# Ceramic Cpu Process



## cbrux71 (May 5, 2012)

Hi,

This is my first time posting on the forum after many hours of searching to get all the information I can myself before asking for some advice. I'm looking to process some ceramic cpu chip(pentium pro x 6) and have made a short step by step list of what I think I need to do. I'm looking to see if I have missed any steps in my list, any advice would be great.

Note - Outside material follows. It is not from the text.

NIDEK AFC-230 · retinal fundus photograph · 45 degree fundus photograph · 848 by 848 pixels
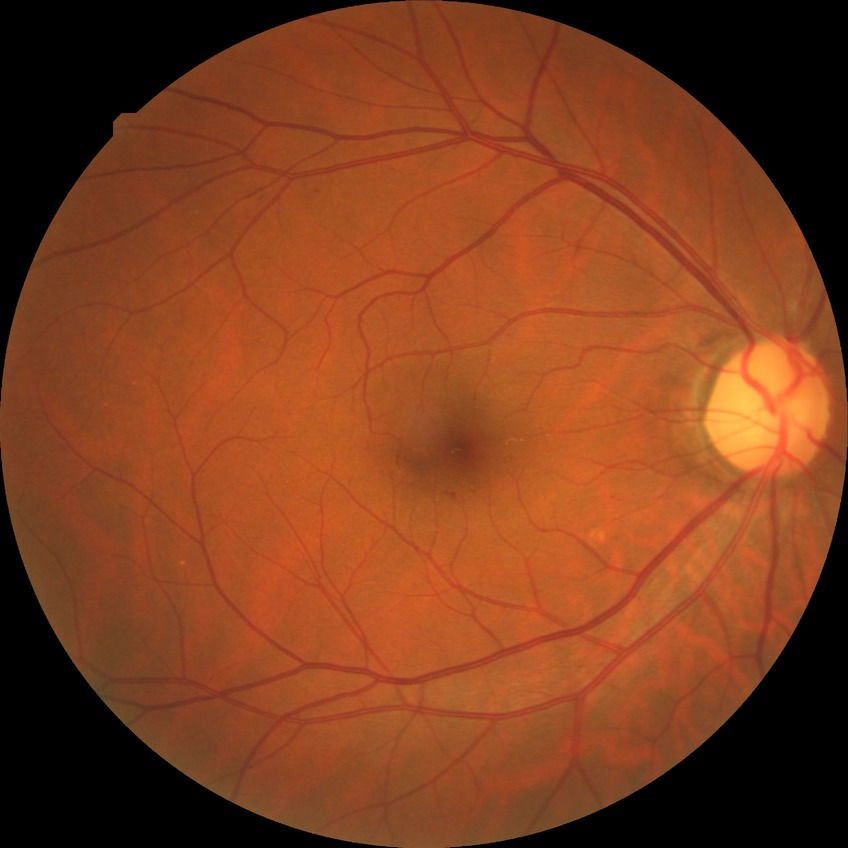 DR grade: SDR. DR class: non-proliferative diabetic retinopathy.

1) remove legs & metal plates & process seperately
2) Crush pentium pro to minus 1/8" mesh
3) Place pentium pro into HCL & Peroxide to digest all base metals
4) Once all base metals have been digested, decant and save HCL & percoxide mix to test later
5) Wash all pieces in hot water to remove any residual HCL & peroxide
6) Use aqua regia with controlled nitric doses to leach gold and other PM(keep covered and heat, but don't boil)
7) Once all reactions stop, decant all liquid and ice the aqua regia
8) Wash all pentium pro pieces with distilled water to ensure all gold bearing liquid is saved
9) Filter the aqua regia solution to remover any traces of silver and other insoluble chlorides 
10) Precipitate gold out of solution with SMB 
11) Let the solution settle overnight 
12) Filter all liquid to catch gold
13) Test filtered liquid for PM
14) Wash gold powder with hot HCL to remove any remaining base metals then wash with distilled water 
15) Re-process through aqua regia to refine to .9995 gold

I hope I've gotten all the steps I need to process ceramic cpu's.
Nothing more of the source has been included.